Assigned task> Would you please copy the entries exactly, leaving every picture aside?

Dataset excerpts:
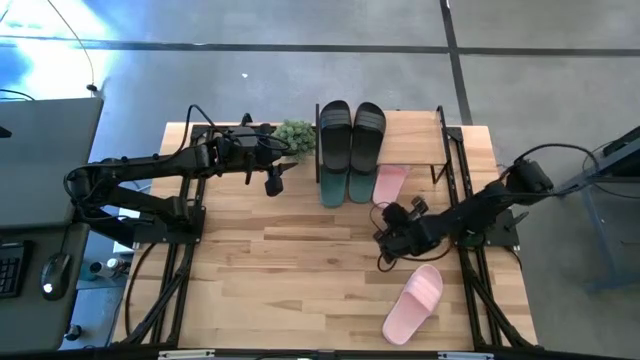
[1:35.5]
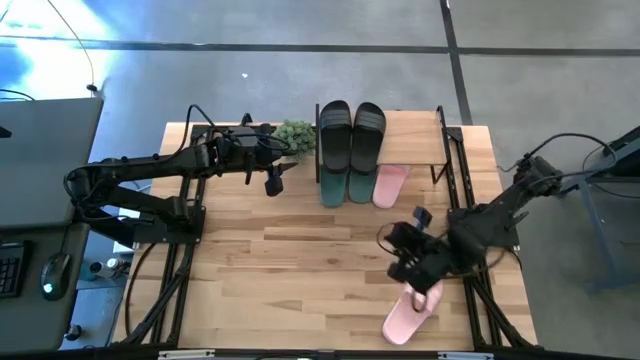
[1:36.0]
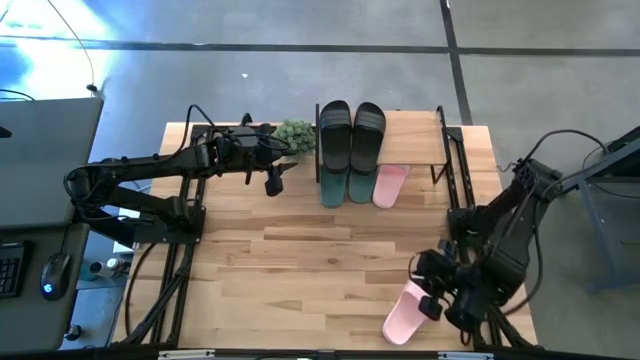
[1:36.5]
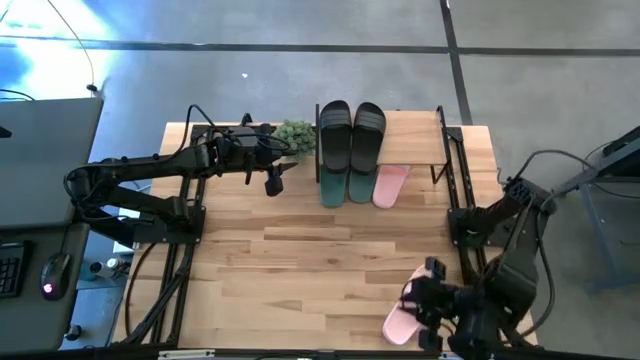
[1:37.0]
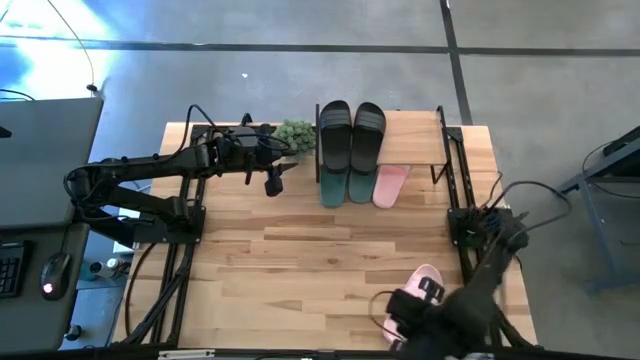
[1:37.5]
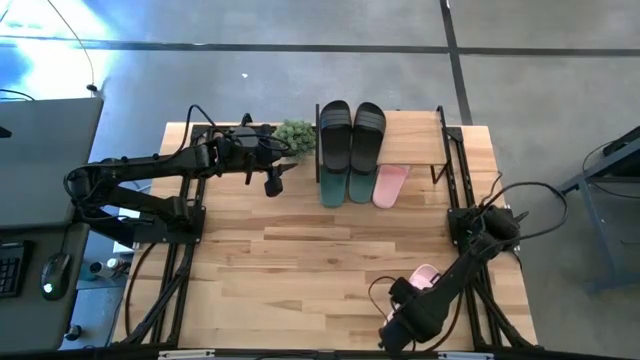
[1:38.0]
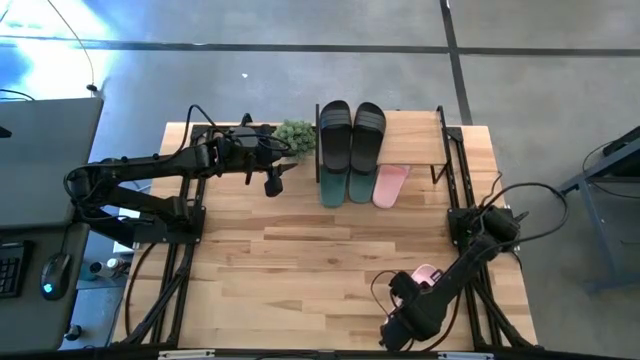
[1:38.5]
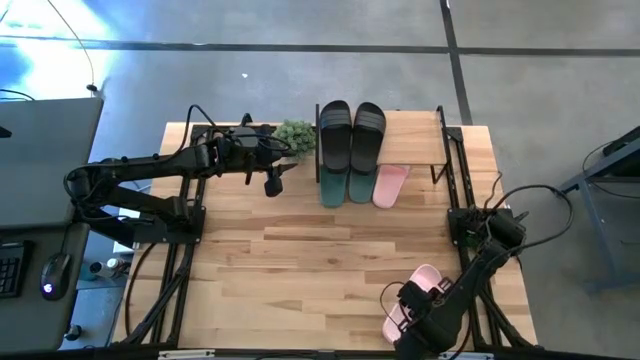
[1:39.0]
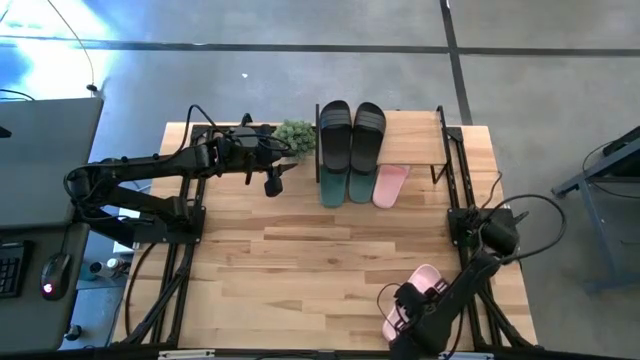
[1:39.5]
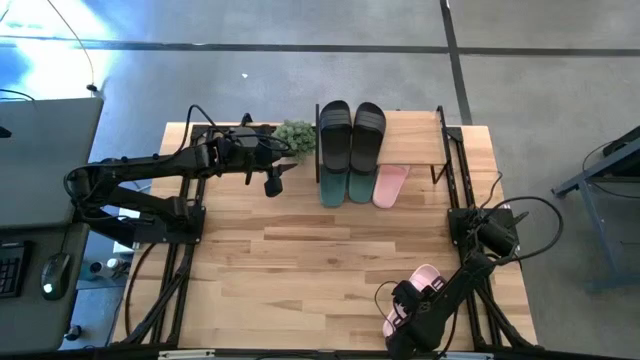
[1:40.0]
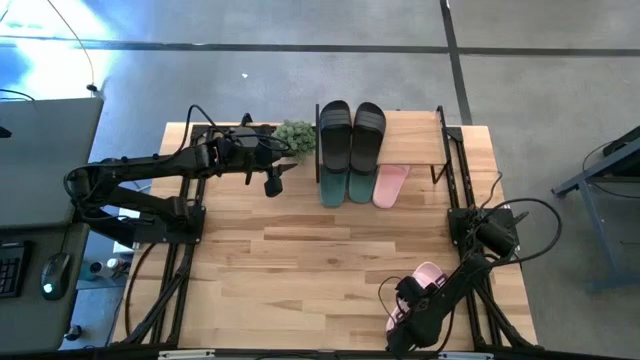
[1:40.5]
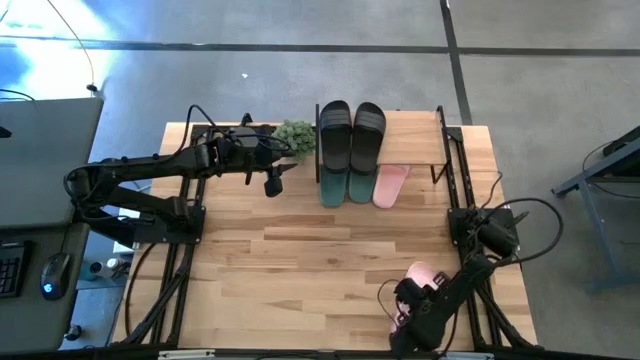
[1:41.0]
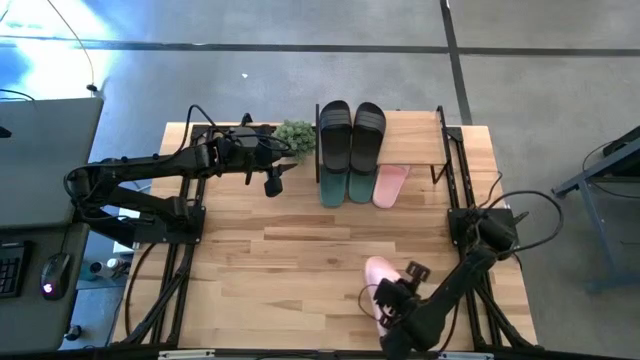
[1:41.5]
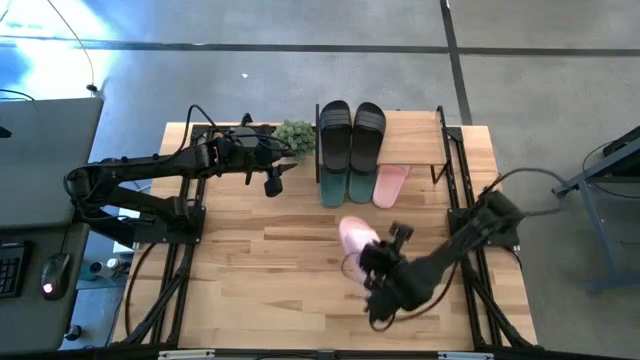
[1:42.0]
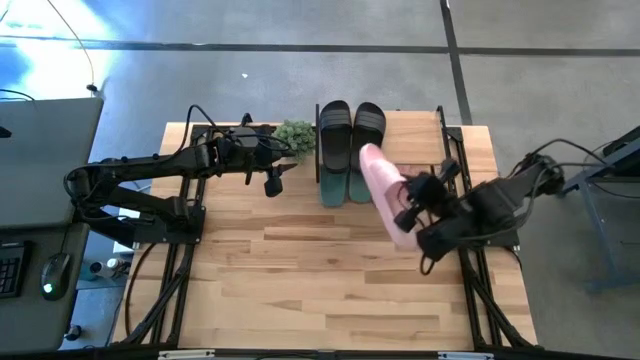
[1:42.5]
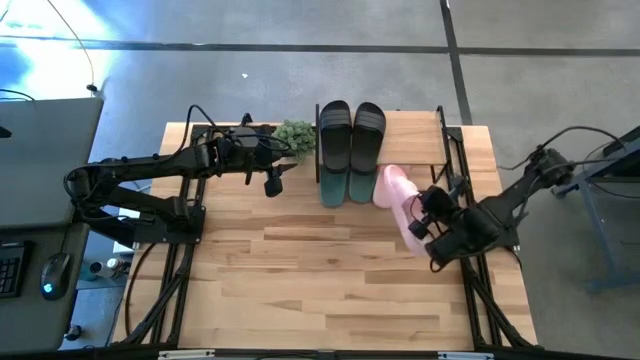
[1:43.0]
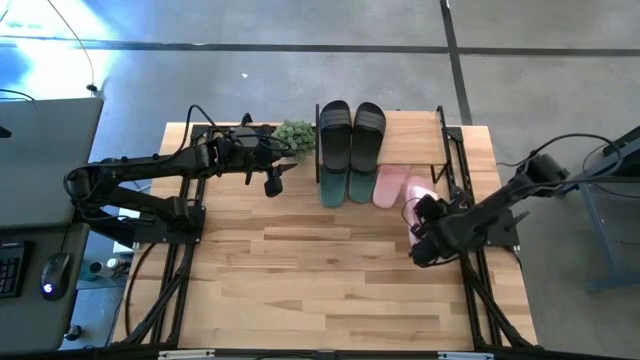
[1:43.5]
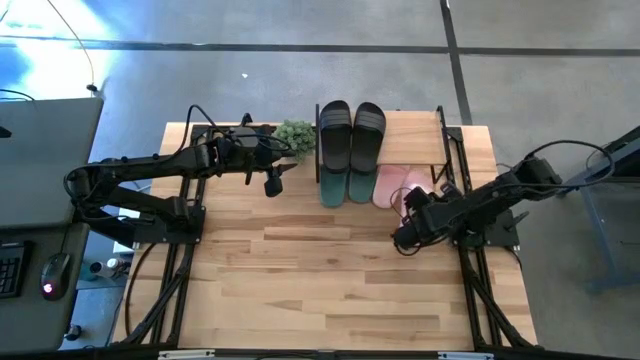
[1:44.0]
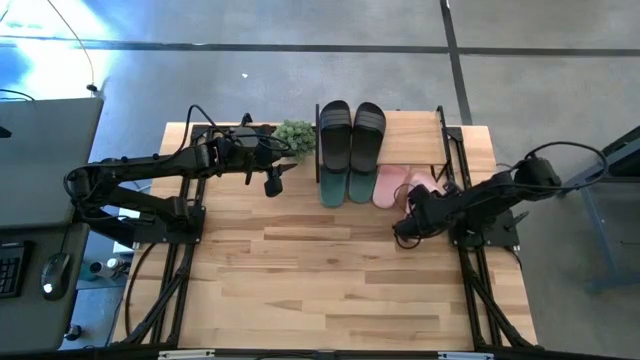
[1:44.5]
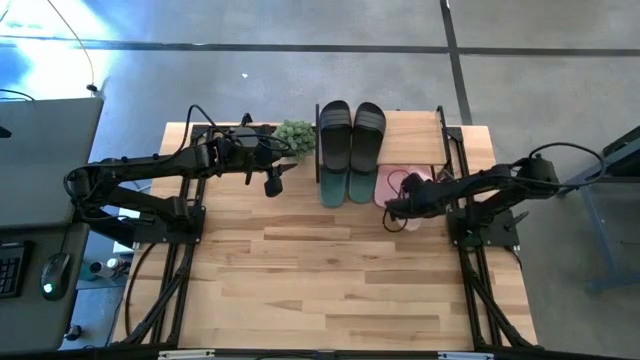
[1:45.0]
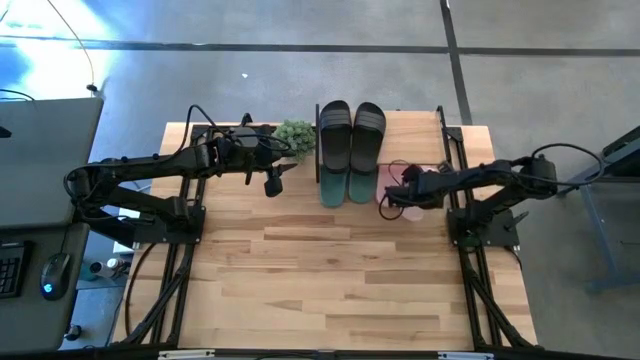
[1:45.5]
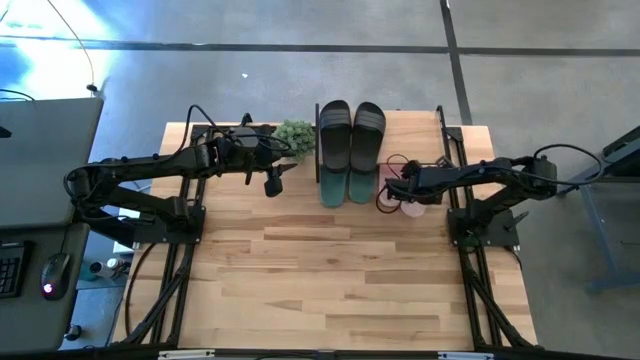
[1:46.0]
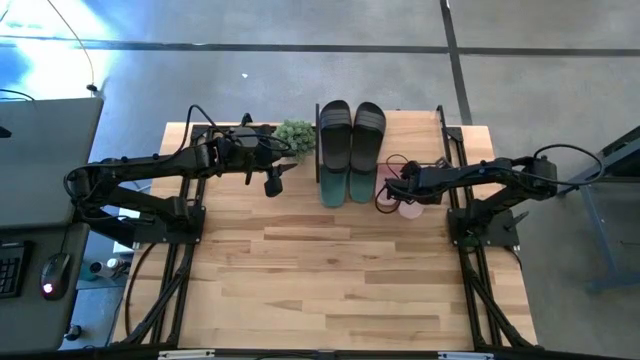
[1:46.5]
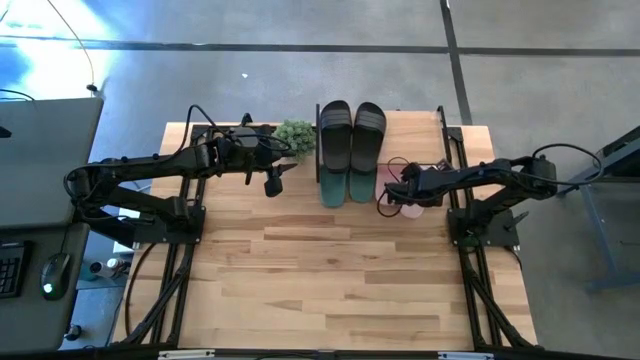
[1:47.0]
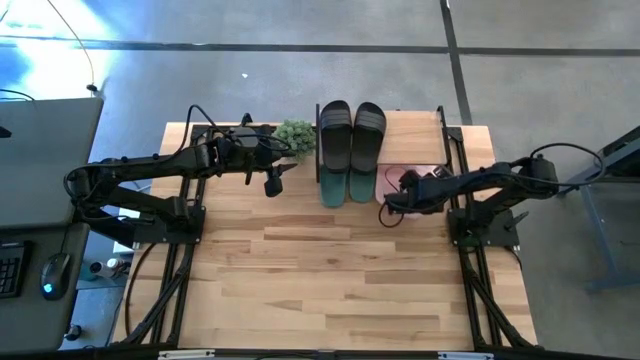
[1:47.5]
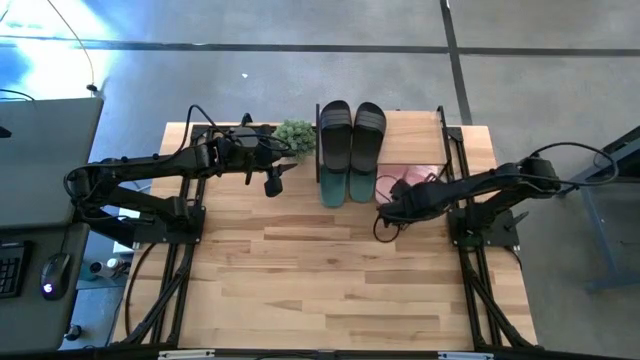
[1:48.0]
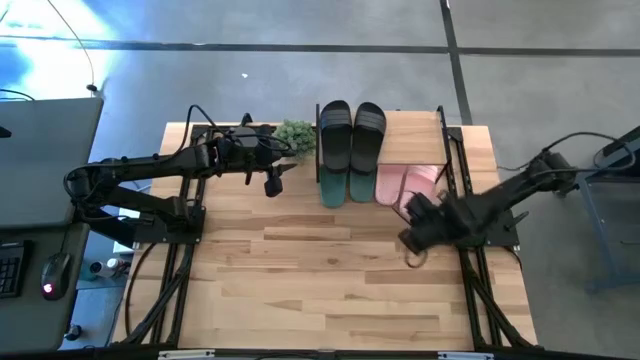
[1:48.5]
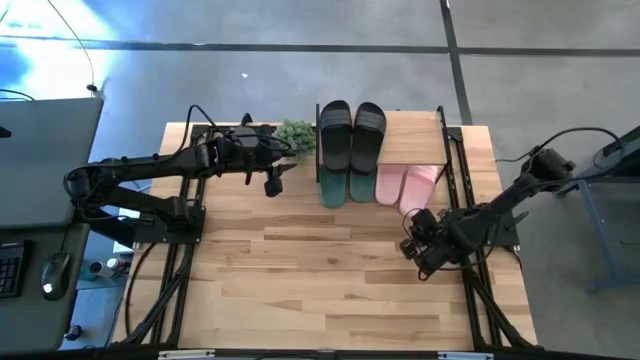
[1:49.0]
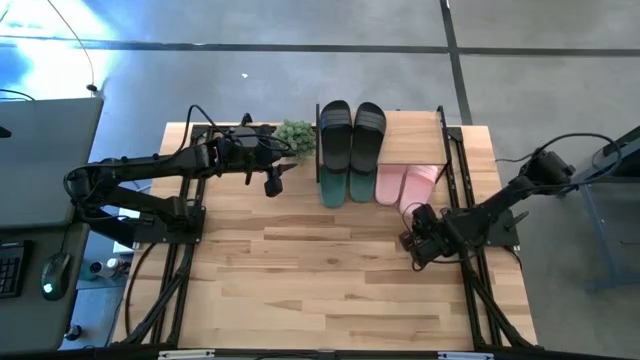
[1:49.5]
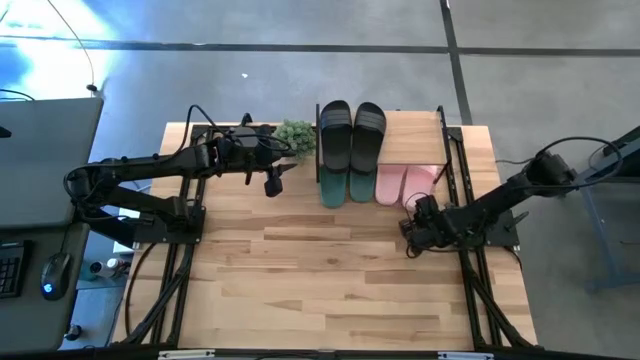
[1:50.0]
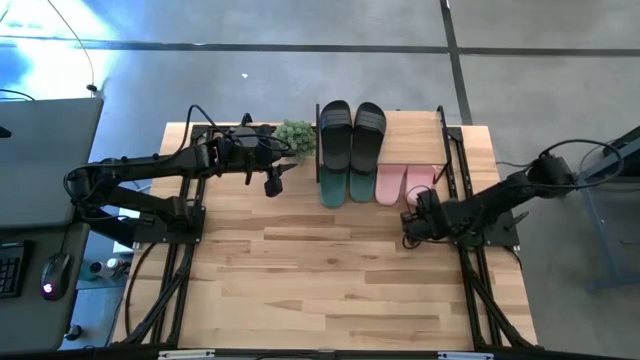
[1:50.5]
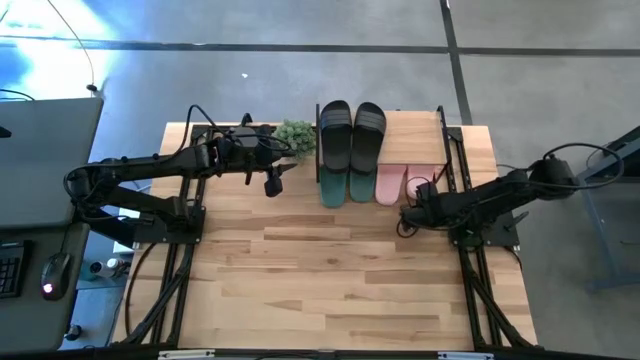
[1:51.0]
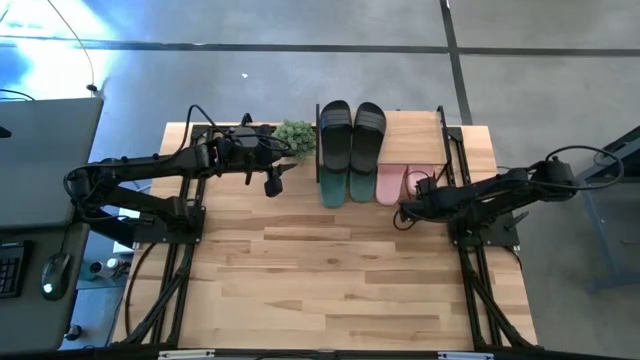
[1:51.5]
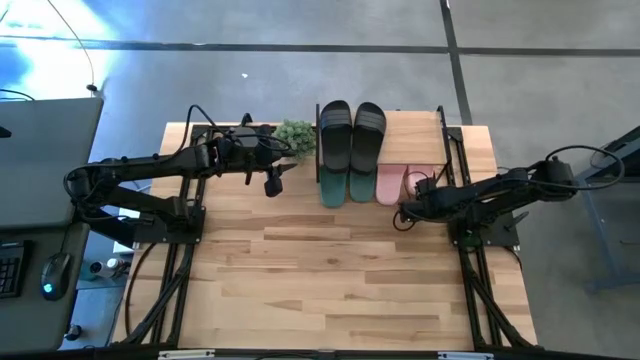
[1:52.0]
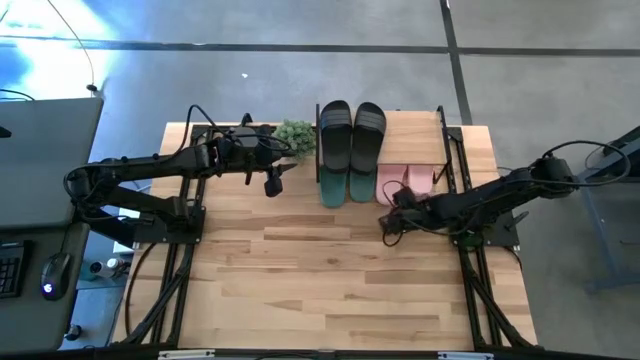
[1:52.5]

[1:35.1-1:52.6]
Task: Pick and place slides into the shelf
Put the pink slide under the shelf

Solution for this task>
[1:35.5]
[1:36.0]
[1:36.5]
[1:37.0]
[1:37.5]
[1:38.0]
[1:38.5]
[1:39.0]
[1:39.5]
[1:40.0]
[1:40.5]
[1:41.0]
[1:41.5]
[1:42.0]
[1:42.5]
[1:43.0]
[1:43.5]
[1:44.0]
[1:44.5]
[1:45.0]
[1:45.5]
[1:46.0]
[1:46.5]
[1:47.0]
[1:47.5]
[1:48.0]
[1:48.5]
[1:49.0]
[1:49.5]
[1:50.0]
[1:50.5]
[1:51.0]
[1:51.5]
[1:52.0]
[1:52.5]

[1:35.1-1:52.6]
Task: Pick and place slides into the shelf
Put the pink slide under the shelf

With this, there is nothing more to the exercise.